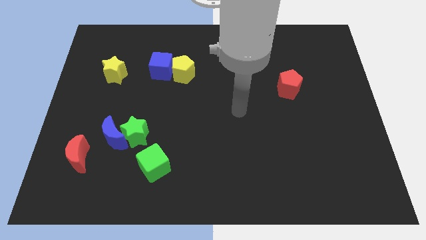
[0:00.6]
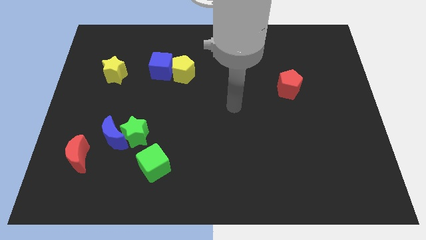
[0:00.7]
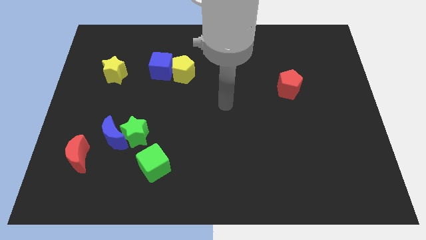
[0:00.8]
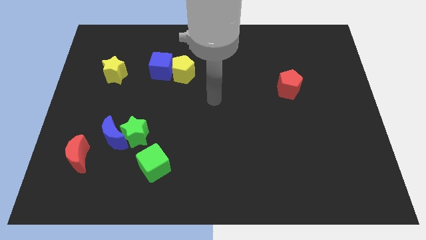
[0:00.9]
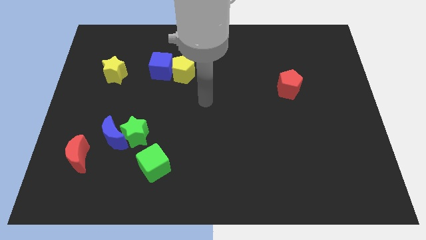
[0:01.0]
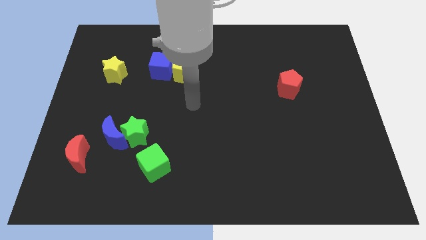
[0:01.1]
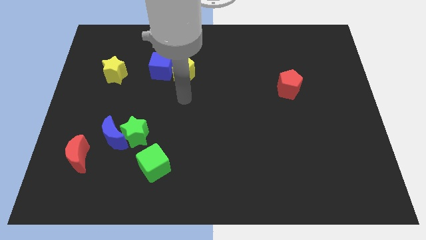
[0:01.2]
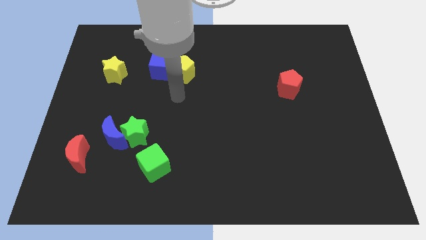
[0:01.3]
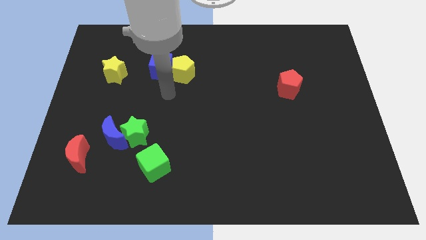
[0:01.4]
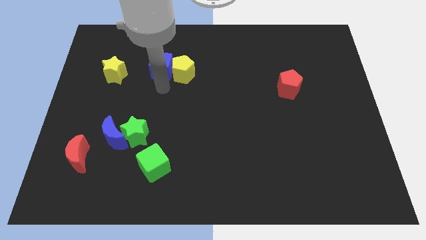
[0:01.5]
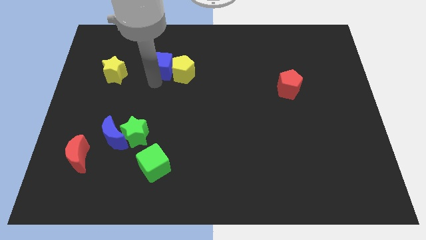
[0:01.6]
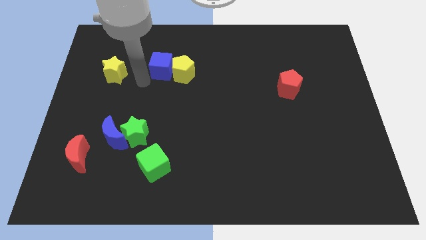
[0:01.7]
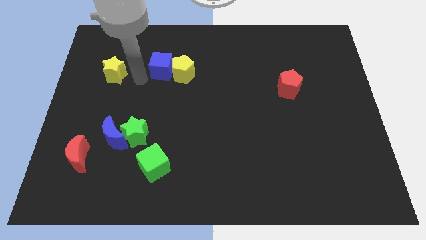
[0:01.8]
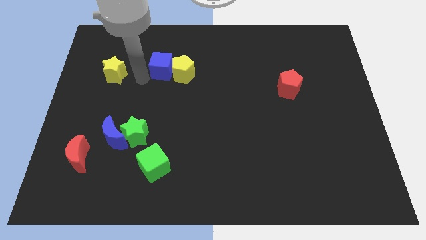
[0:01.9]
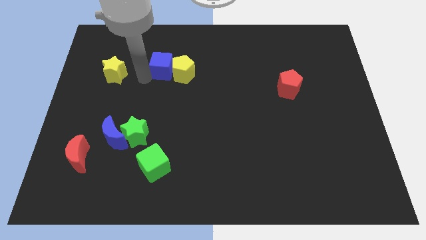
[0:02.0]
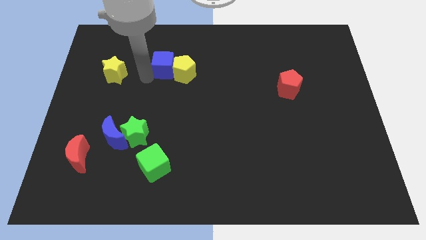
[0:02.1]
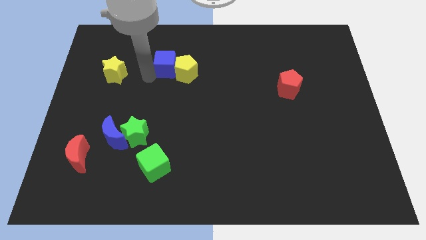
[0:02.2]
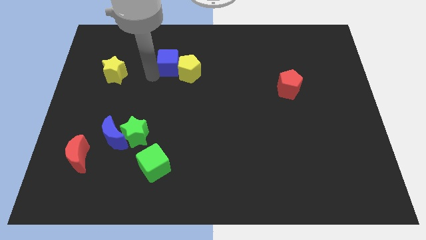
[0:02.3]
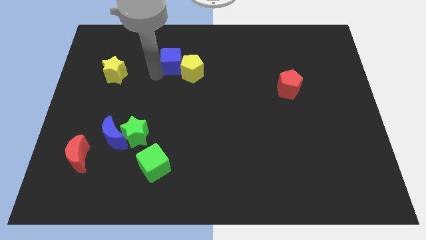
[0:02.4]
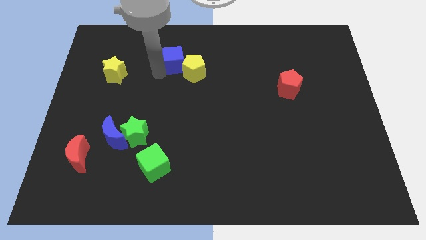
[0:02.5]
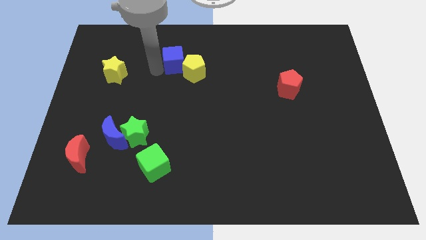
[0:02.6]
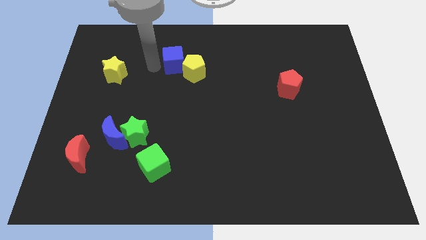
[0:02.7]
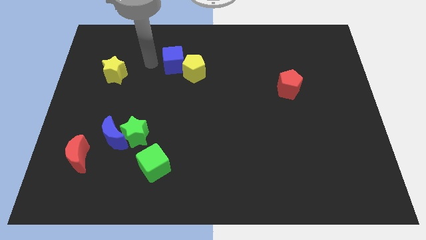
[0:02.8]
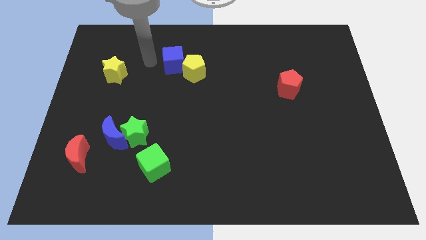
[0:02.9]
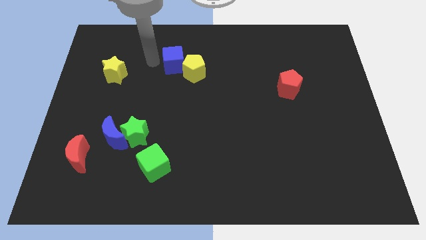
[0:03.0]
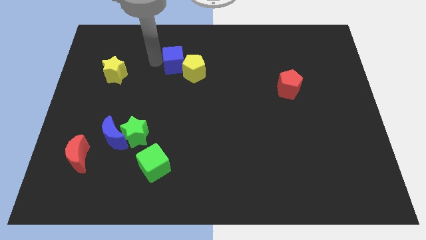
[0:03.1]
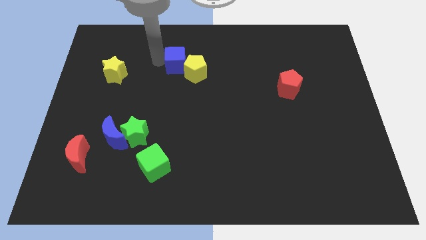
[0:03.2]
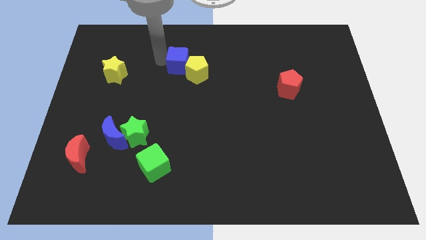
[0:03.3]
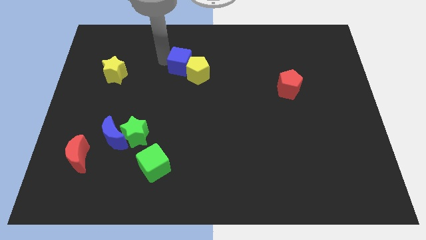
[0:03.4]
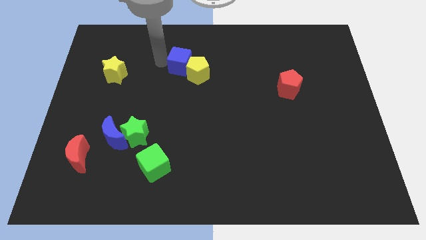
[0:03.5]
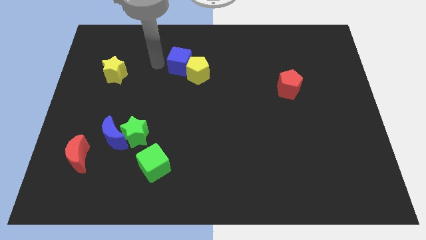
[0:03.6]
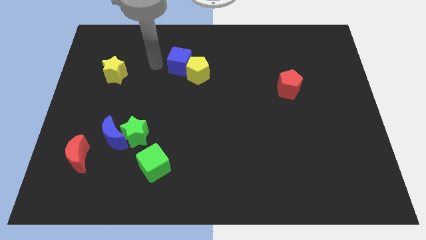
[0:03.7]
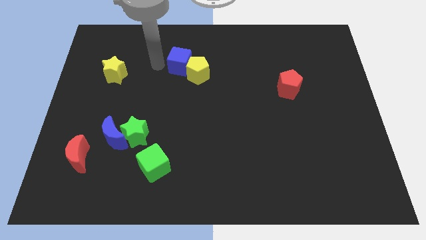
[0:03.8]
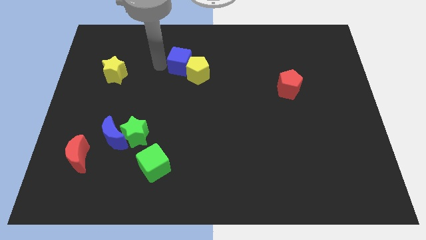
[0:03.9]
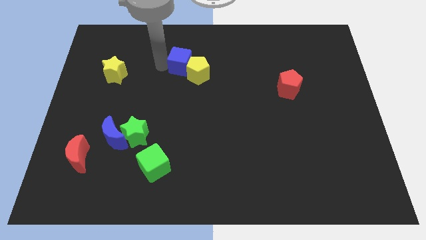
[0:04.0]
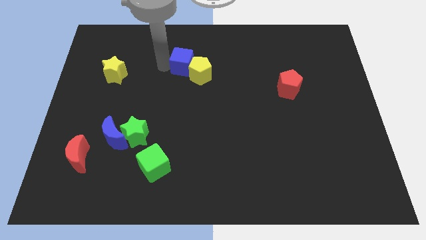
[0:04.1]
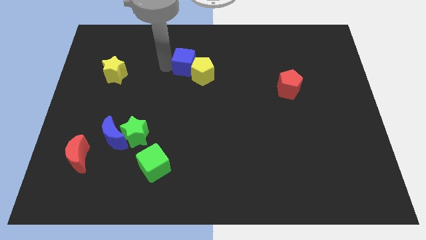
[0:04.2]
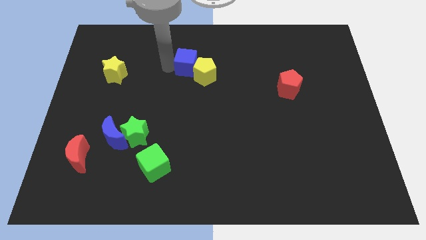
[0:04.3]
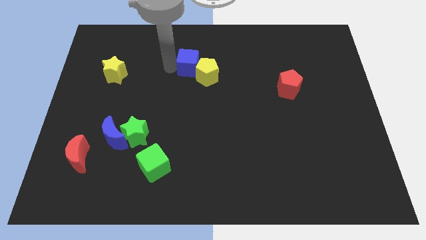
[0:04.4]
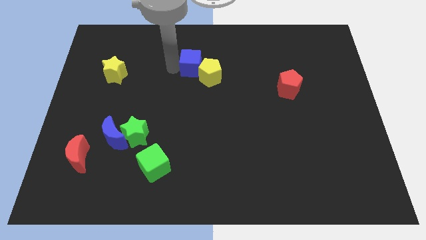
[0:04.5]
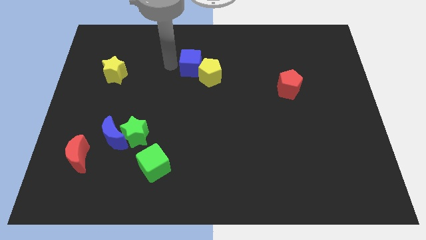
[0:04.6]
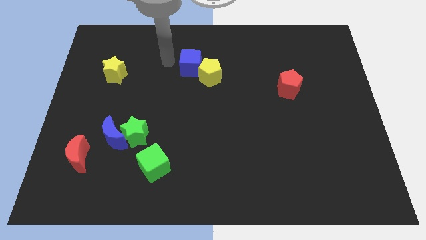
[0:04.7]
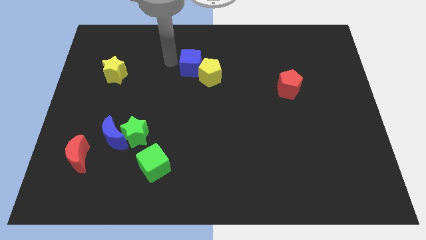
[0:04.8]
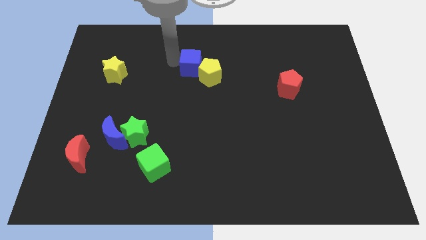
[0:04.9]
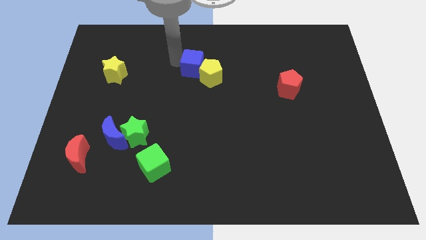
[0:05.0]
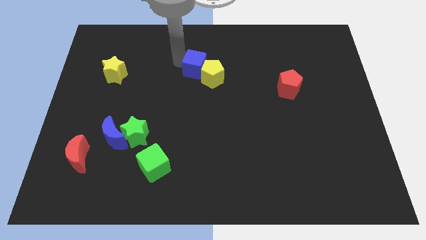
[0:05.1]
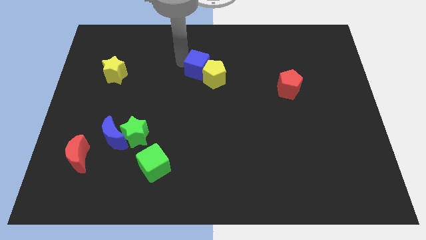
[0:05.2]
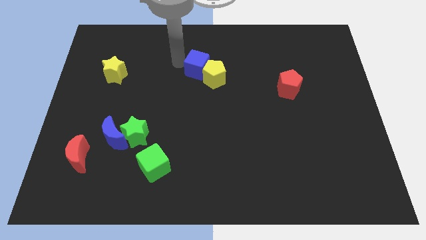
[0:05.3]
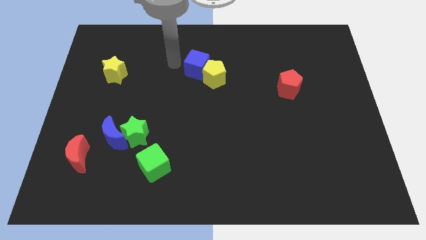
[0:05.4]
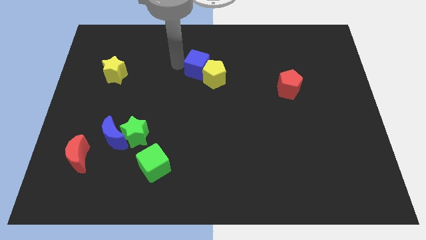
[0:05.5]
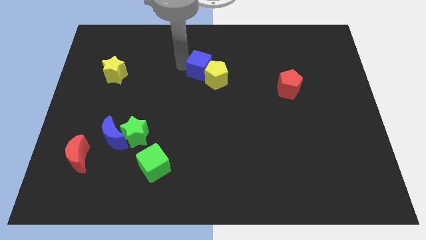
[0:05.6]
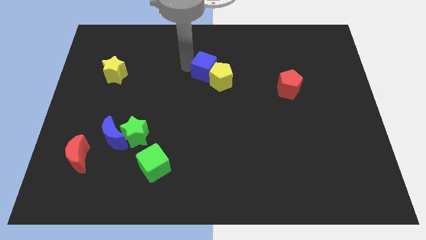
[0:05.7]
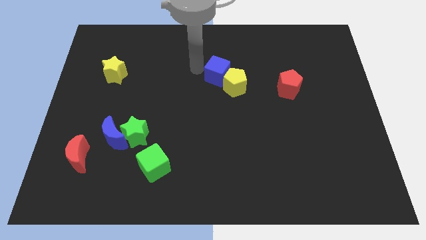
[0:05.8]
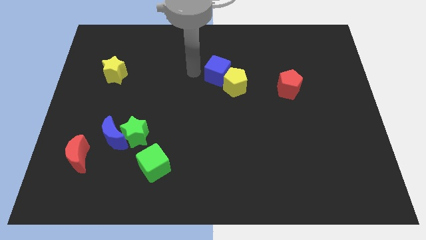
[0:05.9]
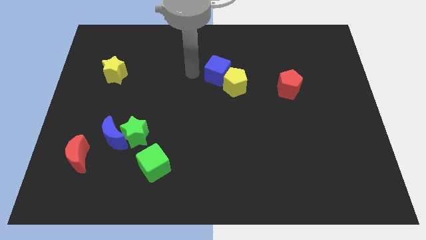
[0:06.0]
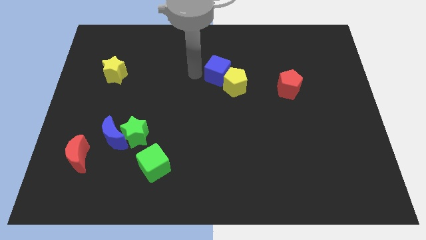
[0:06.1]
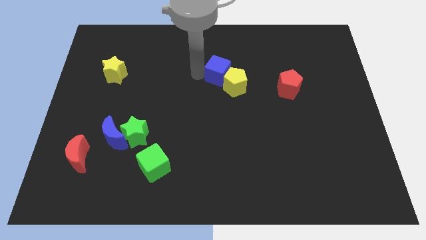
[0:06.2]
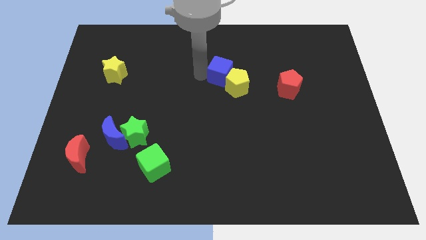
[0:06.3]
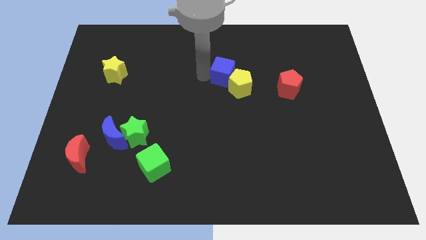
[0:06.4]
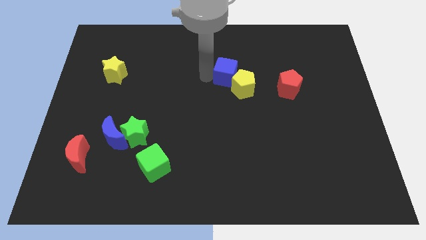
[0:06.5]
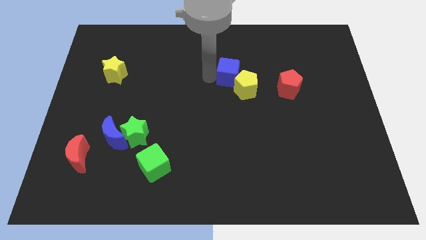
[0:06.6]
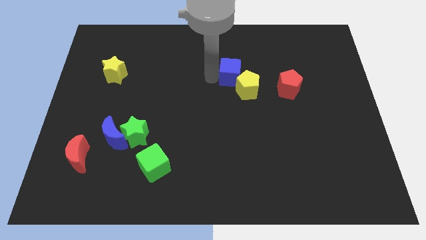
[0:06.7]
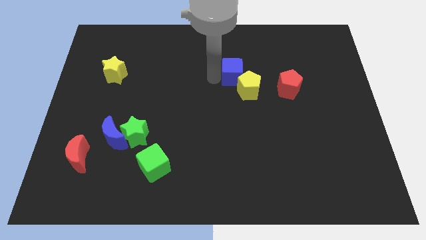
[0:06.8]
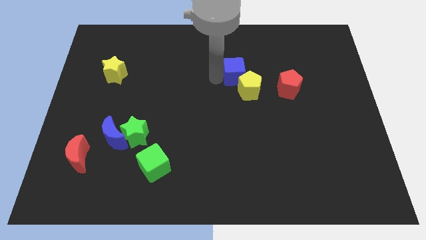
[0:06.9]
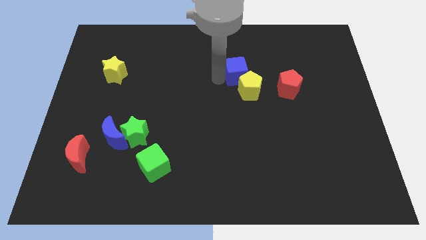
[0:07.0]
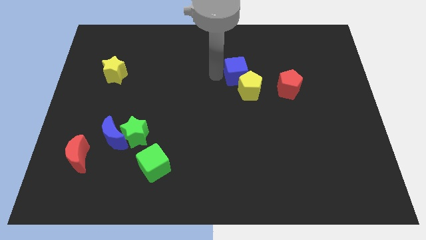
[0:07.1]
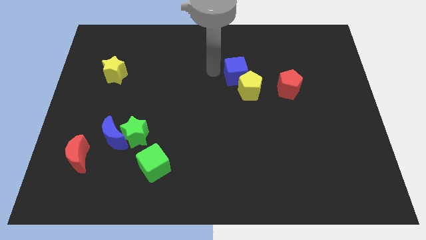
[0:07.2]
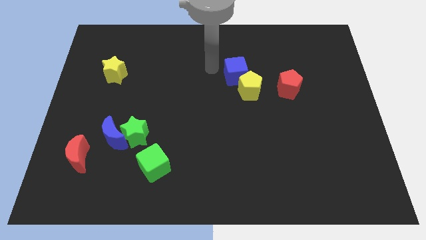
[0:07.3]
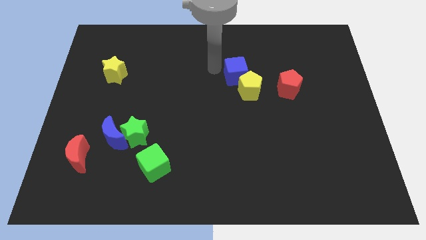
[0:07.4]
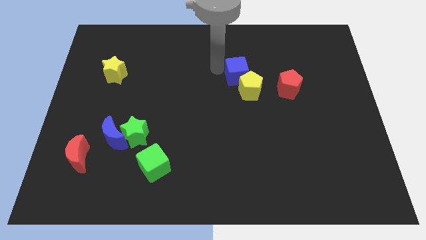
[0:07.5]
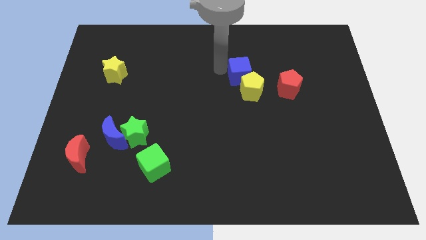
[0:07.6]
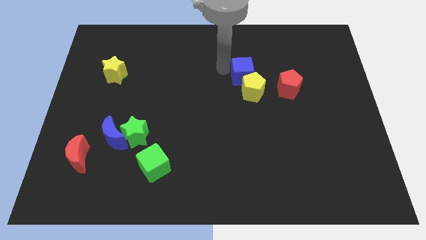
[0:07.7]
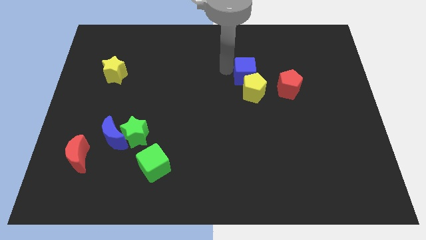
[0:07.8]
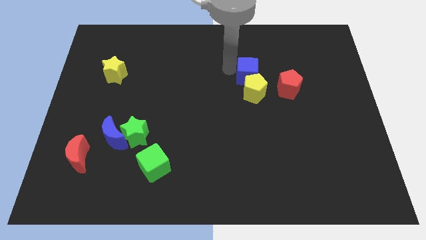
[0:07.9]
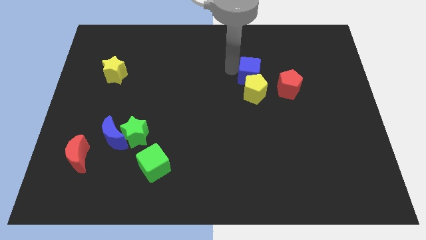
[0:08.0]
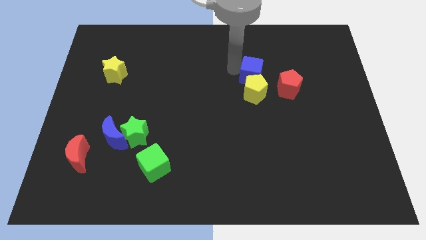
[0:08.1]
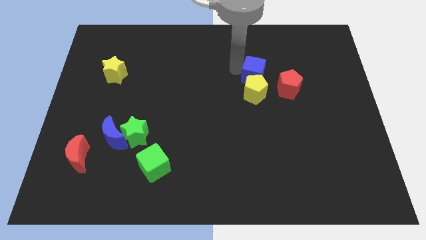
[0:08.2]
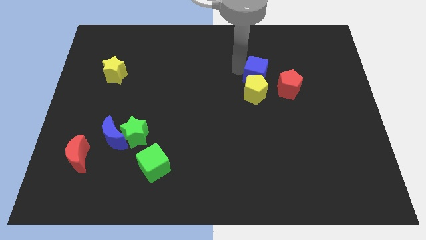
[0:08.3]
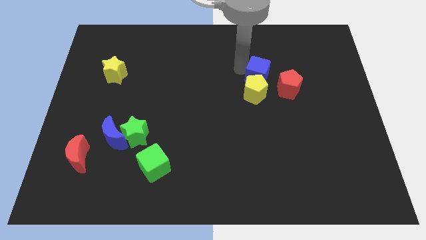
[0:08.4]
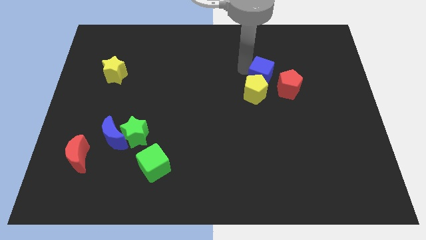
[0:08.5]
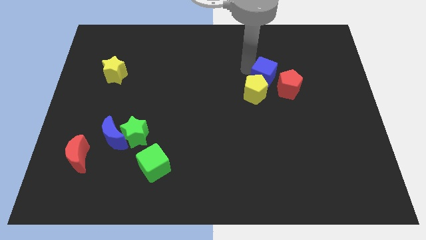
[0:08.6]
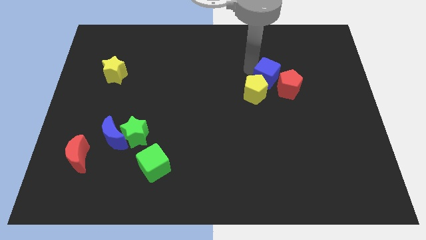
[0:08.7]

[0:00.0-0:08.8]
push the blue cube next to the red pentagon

______________________________

◆ **EXERCISE PROMPT**:
Word-for-word output of every record is needed, with images omitted.

◆ **RESPONSE**:
[0:00.6]
[0:00.7]
[0:00.8]
[0:00.9]
[0:01.0]
[0:01.1]
[0:01.2]
[0:01.3]
[0:01.4]
[0:01.5]
[0:01.6]
[0:01.7]
[0:01.8]
[0:01.9]
[0:02.0]
[0:02.1]
[0:02.2]
[0:02.3]
[0:02.4]
[0:02.5]
[0:02.6]
[0:02.7]
[0:02.8]
[0:02.9]
[0:03.0]
[0:03.1]
[0:03.2]
[0:03.3]
[0:03.4]
[0:03.5]
[0:03.6]
[0:03.7]
[0:03.8]
[0:03.9]
[0:04.0]
[0:04.1]
[0:04.2]
[0:04.3]
[0:04.4]
[0:04.5]
[0:04.6]
[0:04.7]
[0:04.8]
[0:04.9]
[0:05.0]
[0:05.1]
[0:05.2]
[0:05.3]
[0:05.4]
[0:05.5]
[0:05.6]
[0:05.7]
[0:05.8]
[0:05.9]
[0:06.0]
[0:06.1]
[0:06.2]
[0:06.3]
[0:06.4]
[0:06.5]
[0:06.6]
[0:06.7]
[0:06.8]
[0:06.9]
[0:07.0]
[0:07.1]
[0:07.2]
[0:07.3]
[0:07.4]
[0:07.5]
[0:07.6]
[0:07.7]
[0:07.8]
[0:07.9]
[0:08.0]
[0:08.1]
[0:08.2]
[0:08.3]
[0:08.4]
[0:08.5]
[0:08.6]
[0:08.7]

[0:00.0-0:08.8]
push the blue cube next to the red pentagon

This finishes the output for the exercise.